AIM OF THE TASK:
Print nothing but the lines below starting at the line that holds "3.33C16.26 3.14 16.58" and ending at the line that holds "7.52C12.27 7.33 11.96", including both, each exactly as written.
[THE DATA]
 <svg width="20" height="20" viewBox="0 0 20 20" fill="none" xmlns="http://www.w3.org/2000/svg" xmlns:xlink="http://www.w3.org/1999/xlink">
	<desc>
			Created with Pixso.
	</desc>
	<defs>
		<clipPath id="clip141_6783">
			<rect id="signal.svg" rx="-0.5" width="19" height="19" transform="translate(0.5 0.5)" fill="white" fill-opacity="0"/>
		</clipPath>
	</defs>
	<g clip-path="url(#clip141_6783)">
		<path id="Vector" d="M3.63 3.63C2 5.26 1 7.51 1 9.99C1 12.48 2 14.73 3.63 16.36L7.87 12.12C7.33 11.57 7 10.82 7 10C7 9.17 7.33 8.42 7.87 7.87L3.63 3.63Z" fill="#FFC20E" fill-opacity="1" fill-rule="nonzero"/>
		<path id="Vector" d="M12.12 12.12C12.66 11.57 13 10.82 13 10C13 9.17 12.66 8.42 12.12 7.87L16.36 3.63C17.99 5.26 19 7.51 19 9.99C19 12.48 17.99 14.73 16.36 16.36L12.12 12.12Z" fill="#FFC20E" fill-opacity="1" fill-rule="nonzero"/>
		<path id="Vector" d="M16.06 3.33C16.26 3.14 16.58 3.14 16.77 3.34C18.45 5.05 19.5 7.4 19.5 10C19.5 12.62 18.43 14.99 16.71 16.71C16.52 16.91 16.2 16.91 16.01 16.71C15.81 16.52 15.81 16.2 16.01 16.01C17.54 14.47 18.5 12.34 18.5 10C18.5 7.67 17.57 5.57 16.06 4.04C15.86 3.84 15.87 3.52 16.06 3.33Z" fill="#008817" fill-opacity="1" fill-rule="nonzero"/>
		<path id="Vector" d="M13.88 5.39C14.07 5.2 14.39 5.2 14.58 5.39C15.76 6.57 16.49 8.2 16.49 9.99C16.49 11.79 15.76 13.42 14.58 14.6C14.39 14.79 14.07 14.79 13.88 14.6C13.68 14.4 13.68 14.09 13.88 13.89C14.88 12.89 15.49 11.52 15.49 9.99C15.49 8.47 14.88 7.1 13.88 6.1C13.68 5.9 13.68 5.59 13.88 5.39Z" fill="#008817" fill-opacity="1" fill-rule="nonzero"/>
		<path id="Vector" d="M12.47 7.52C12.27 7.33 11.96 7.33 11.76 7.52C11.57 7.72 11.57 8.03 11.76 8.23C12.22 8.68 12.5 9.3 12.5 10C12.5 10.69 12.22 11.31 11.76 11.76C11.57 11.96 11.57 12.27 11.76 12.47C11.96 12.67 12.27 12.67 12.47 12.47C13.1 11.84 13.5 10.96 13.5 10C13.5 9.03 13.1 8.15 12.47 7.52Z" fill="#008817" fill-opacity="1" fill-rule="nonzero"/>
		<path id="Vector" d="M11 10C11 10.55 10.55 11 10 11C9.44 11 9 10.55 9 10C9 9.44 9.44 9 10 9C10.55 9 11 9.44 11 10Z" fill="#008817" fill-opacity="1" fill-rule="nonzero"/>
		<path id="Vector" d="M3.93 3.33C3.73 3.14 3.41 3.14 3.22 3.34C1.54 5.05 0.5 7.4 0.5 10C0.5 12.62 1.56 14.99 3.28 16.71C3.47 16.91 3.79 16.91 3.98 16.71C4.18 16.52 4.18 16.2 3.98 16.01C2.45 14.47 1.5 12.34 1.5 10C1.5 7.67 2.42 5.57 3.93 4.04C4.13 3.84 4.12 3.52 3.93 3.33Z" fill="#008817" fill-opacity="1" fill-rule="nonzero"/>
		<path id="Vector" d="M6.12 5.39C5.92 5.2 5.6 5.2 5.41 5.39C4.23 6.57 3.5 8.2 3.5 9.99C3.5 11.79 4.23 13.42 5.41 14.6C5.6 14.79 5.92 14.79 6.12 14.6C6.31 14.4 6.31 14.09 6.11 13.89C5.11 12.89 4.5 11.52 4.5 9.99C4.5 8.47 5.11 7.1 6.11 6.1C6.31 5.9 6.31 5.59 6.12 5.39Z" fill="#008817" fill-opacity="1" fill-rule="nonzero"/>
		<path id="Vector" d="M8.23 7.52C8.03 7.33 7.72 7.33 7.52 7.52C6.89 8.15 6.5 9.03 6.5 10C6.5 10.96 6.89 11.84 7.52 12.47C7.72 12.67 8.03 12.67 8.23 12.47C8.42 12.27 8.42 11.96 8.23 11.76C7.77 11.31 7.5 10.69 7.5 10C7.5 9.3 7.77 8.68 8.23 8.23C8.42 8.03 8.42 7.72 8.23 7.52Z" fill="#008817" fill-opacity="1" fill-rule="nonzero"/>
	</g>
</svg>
[/THE DATA]
FINISHED EXERCISE:
		<path id="Vector" d="M16.06 3.33C16.26 3.14 16.58 3.14 16.77 3.34C18.45 5.05 19.5 7.4 19.5 10C19.5 12.62 18.43 14.99 16.71 16.71C16.52 16.91 16.2 16.91 16.01 16.71C15.81 16.52 15.81 16.2 16.01 16.01C17.54 14.47 18.5 12.34 18.5 10C18.5 7.67 17.57 5.57 16.06 4.04C15.86 3.84 15.87 3.52 16.06 3.33Z" fill="#008817" fill-opacity="1" fill-rule="nonzero"/>
		<path id="Vector" d="M13.88 5.39C14.07 5.2 14.39 5.2 14.58 5.39C15.76 6.57 16.49 8.2 16.49 9.99C16.49 11.79 15.76 13.42 14.58 14.6C14.39 14.79 14.07 14.79 13.88 14.6C13.68 14.4 13.68 14.09 13.88 13.89C14.88 12.89 15.49 11.52 15.49 9.99C15.49 8.47 14.88 7.1 13.88 6.1C13.68 5.9 13.68 5.59 13.88 5.39Z" fill="#008817" fill-opacity="1" fill-rule="nonzero"/>
		<path id="Vector" d="M12.47 7.52C12.27 7.33 11.96 7.33 11.76 7.52C11.57 7.72 11.57 8.03 11.76 8.23C12.22 8.68 12.5 9.3 12.5 10C12.5 10.69 12.22 11.31 11.76 11.76C11.57 11.96 11.57 12.27 11.76 12.47C11.96 12.67 12.27 12.67 12.47 12.47C13.1 11.84 13.5 10.96 13.5 10C13.5 9.03 13.1 8.15 12.47 7.52Z" fill="#008817" fill-opacity="1" fill-rule="nonzero"/>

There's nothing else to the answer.